# Instructions to follow
Drop the pictures and restate the rest of the listing word for word.

# Exercise material
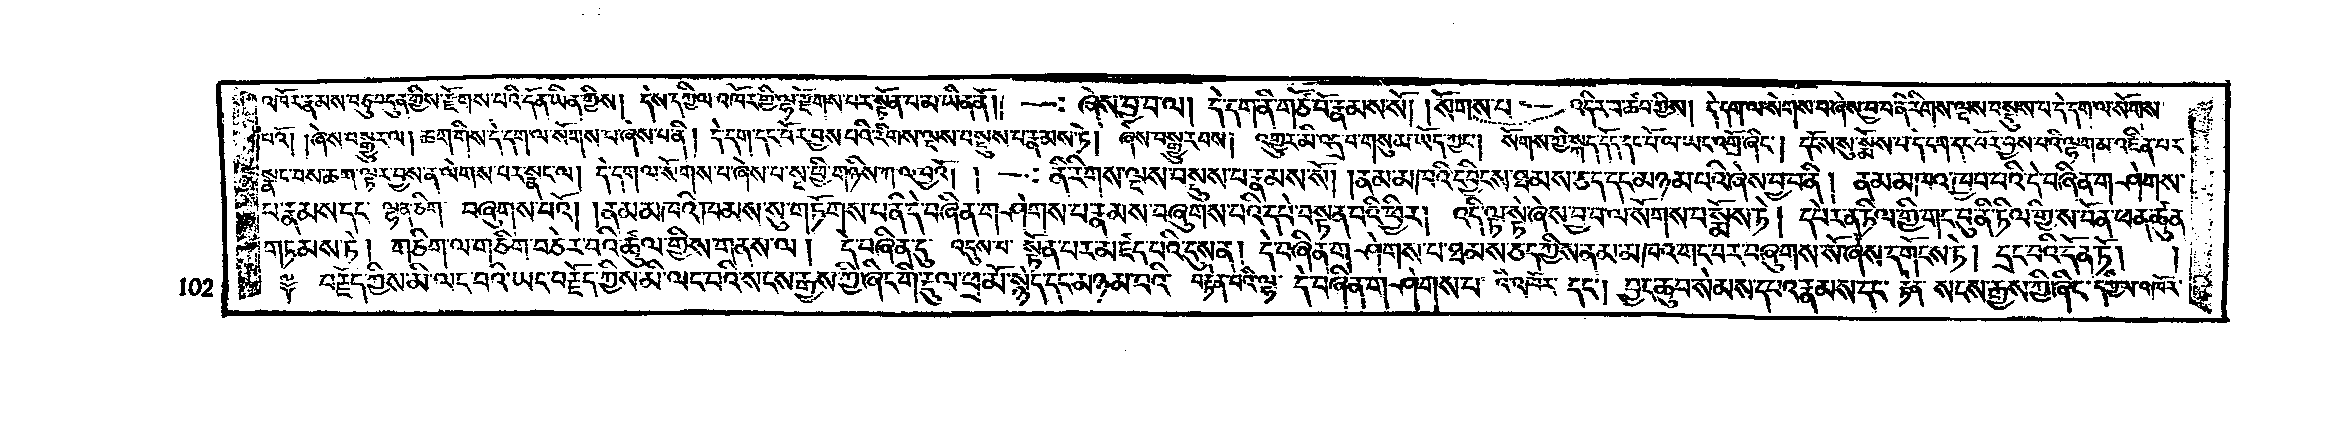འཁོར་རྣམས་བཅུ་བདུན་གྱིས་རྫོགས་པའི་དོན་ཡིན་གྱིས། དེས་དཀྱིལ་འཁོར་གྱི་ལྷ་རྫོགས་པར་སྟོན་པ་མ་ཡིན་ནོ།། H.་ཞེས་བྱ་བ་ལ། དེ་དག་ནི་གཙོ་བོ་རྣམས་སོ། །སོགས་པ་H.་འདིར་བ་ཚབ་ཀྱིས། དེ་དག་ལ་སོགས་པ་ཞེས་བྱ་བ་ནི་རིགས་ལྔས་བསྡུས་པ་དེ་དག་ལ་སོགས་
པའོ། །ཞེས་བསྒྱུར་ལ། ཆོག་གིས་དེ་དག་ལ་སོགས་པ་ཞེས་པ་ནི། དེ་དག་དང་པོར་བྱས་པའི་རིགས་ལྔས་བསྡུས་པ་རྣམས་ཏེ། ཞེས་བསྒྱུར་བས། འགྱུར་མི་འདྲ་བ་གསུམ་ཡོད་ཀྱང་། སོགས་ཀྱི་སྐད་དོད་དང་པོ་ལ་ཡང་འགྲོ་ཞིང་། དངོས་སུ་སྨོས་པ་དེ་དག་དང་པོར་བྱས་པའི་ལྷག་མ་འཛིན་པར་
སྣང་བས་ཆག་ལྟར་བྱས་ན་ལེགས་པར་སྣང་ལ། དེ་དག་ལ་སོགས་པ་ཞེས་པ་སྔ་ཕྱི་གཉིས་ཀ་ལ་བྱའོ། ། H.་ནི་རིགས་ལྔས་བསྡུས་པ་རྣམས་སོ། །ནམ་མཁའི་དབྱིངས་ཐམས་ཅད་དང་མཉམ་པའི་ཞེས་བྱ་བ་ནི། ནམ་མཁའ་ཁྱབ་པའི་དེ་བཞིན་གཤེགས་
པ་རྣམས་དང་ལྷན་ཅིག་བཞུགས་པའོ། །ནམ་མཁའི་ཁམས་སུ་གཏོགས་པ་ནི་དེ་བཞིན་གཤེགས་པ་རྣམས་བཞུགས་པའི་དཔེ་བསྟན་པའི་ཕྱིར། འདི་ལྟ་སྟེ་ཞེས་བྱ་བ་ལ་སོགས་པ་སྨོས་ཏེ། དཔེར་ན་ཏིལ་གྱི་གང་བུ་ནི་ཏིལ་གྱི་ས་བོན་ཕན་ཚུན་
གཏམས་ཏེ། གཅིག་ལ་གཅིག་བཅེར་བའི་ཚུལ་གྱིས་གནས་ལ། དེ་བཞིན་དུ་འདུས་པ་སྟོན་པར་མཛད་པའི་དུས་ན། དེ་བཞིན་གཤེགས་པ་ཐམས་ཅད་ཀྱིས་ནམ་མཁའ་གང་བར་བཞུགས་སོ་ཞེས་དགོངས་ཏེ། དྲང་བའི་དོན་ཏོ།།
༈ བརྗོད་ཀྱིས་མི་ལང་བའི་ཡང་བརྗོད་ཀྱིས་མི་ལང་བའི་སངས་རྒྱས་རྒྱས་ཀྱི་ཞིང་གི་རྡུལ་ཕྲ་མོ་སྙེད་དང་མཉམ་པའི་བརྟེན་པའི་ལྷ་དེ་བཞིན་གཤེགས་པའི་འཁོར་དང་། བྱང་ཆུབ་སེམས་དཔའ་རྣམས་དང་རྟེན་སངས་རྒྱས་ཀྱི་ཞིང་དཀྱིལ་འཁོར་

# Solution
འཁོར་རྣམས་བཅུ་བདུན་གྱིས་རྫོགས་པའི་དོན་ཡིན་གྱིས། དེས་དཀྱིལ་འཁོར་གྱི་ལྷ་རྫོགས་པར་སྟོན་པ་མ་ཡིན་ནོ།། H.་ཞེས་བྱ་བ་ལ། དེ་དག་ནི་གཙོ་བོ་རྣམས་སོ། །སོགས་པ་H.་འདིར་བ་ཚབ་ཀྱིས། དེ་དག་ལ་སོགས་པ་ཞེས་བྱ་བ་ནི་རིགས་ལྔས་བསྡུས་པ་དེ་དག་ལ་སོགས་
པའོ། །ཞེས་བསྒྱུར་ལ། ཆོག་གིས་དེ་དག་ལ་སོགས་པ་ཞེས་པ་ནི། དེ་དག་དང་པོར་བྱས་པའི་རིགས་ལྔས་བསྡུས་པ་རྣམས་ཏེ། ཞེས་བསྒྱུར་བས། འགྱུར་མི་འདྲ་བ་གསུམ་ཡོད་ཀྱང་། སོགས་ཀྱི་སྐད་དོད་དང་པོ་ལ་ཡང་འགྲོ་ཞིང་། དངོས་སུ་སྨོས་པ་དེ་དག་དང་པོར་བྱས་པའི་ལྷག་མ་འཛིན་པར་
སྣང་བས་ཆག་ལྟར་བྱས་ན་ལེགས་པར་སྣང་ལ། དེ་དག་ལ་སོགས་པ་ཞེས་པ་སྔ་ཕྱི་གཉིས་ཀ་ལ་བྱའོ། ། H.་ནི་རིགས་ལྔས་བསྡུས་པ་རྣམས་སོ། །ནམ་མཁའི་དབྱིངས་ཐམས་ཅད་དང་མཉམ་པའི་ཞེས་བྱ་བ་ནི། ནམ་མཁའ་ཁྱབ་པའི་དེ་བཞིན་གཤེགས་
པ་རྣམས་དང་ལྷན་ཅིག་བཞུགས་པའོ། །ནམ་མཁའི་ཁམས་སུ་གཏོགས་པ་ནི་དེ་བཞིན་གཤེགས་པ་རྣམས་བཞུགས་པའི་དཔེ་བསྟན་པའི་ཕྱིར། འདི་ལྟ་སྟེ་ཞེས་བྱ་བ་ལ་སོགས་པ་སྨོས་ཏེ། དཔེར་ན་ཏིལ་གྱི་གང་བུ་ནི་ཏིལ་གྱི་ས་བོན་ཕན་ཚུན་
གཏམས་ཏེ། གཅིག་ལ་གཅིག་བཅེར་བའི་ཚུལ་གྱིས་གནས་ལ། དེ་བཞིན་དུ་འདུས་པ་སྟོན་པར་མཛད་པའི་དུས་ན། དེ་བཞིན་གཤེགས་པ་ཐམས་ཅད་ཀྱིས་ནམ་མཁའ་གང་བར་བཞུགས་སོ་ཞེས་དགོངས་ཏེ། དྲང་བའི་དོན་ཏོ།།
༈ བརྗོད་ཀྱིས་མི་ལང་བའི་ཡང་བརྗོད་ཀྱིས་མི་ལང་བའི་སངས་རྒྱས་རྒྱས་ཀྱི་ཞིང་གི་རྡུལ་ཕྲ་མོ་སྙེད་དང་མཉམ་པའི་བརྟེན་པའི་ལྷ་དེ་བཞིན་གཤེགས་པའི་འཁོར་དང་། བྱང་ཆུབ་སེམས་དཔའ་རྣམས་དང་རྟེན་སངས་རྒྱས་ཀྱི་ཞིང་དཀྱིལ་འཁོར་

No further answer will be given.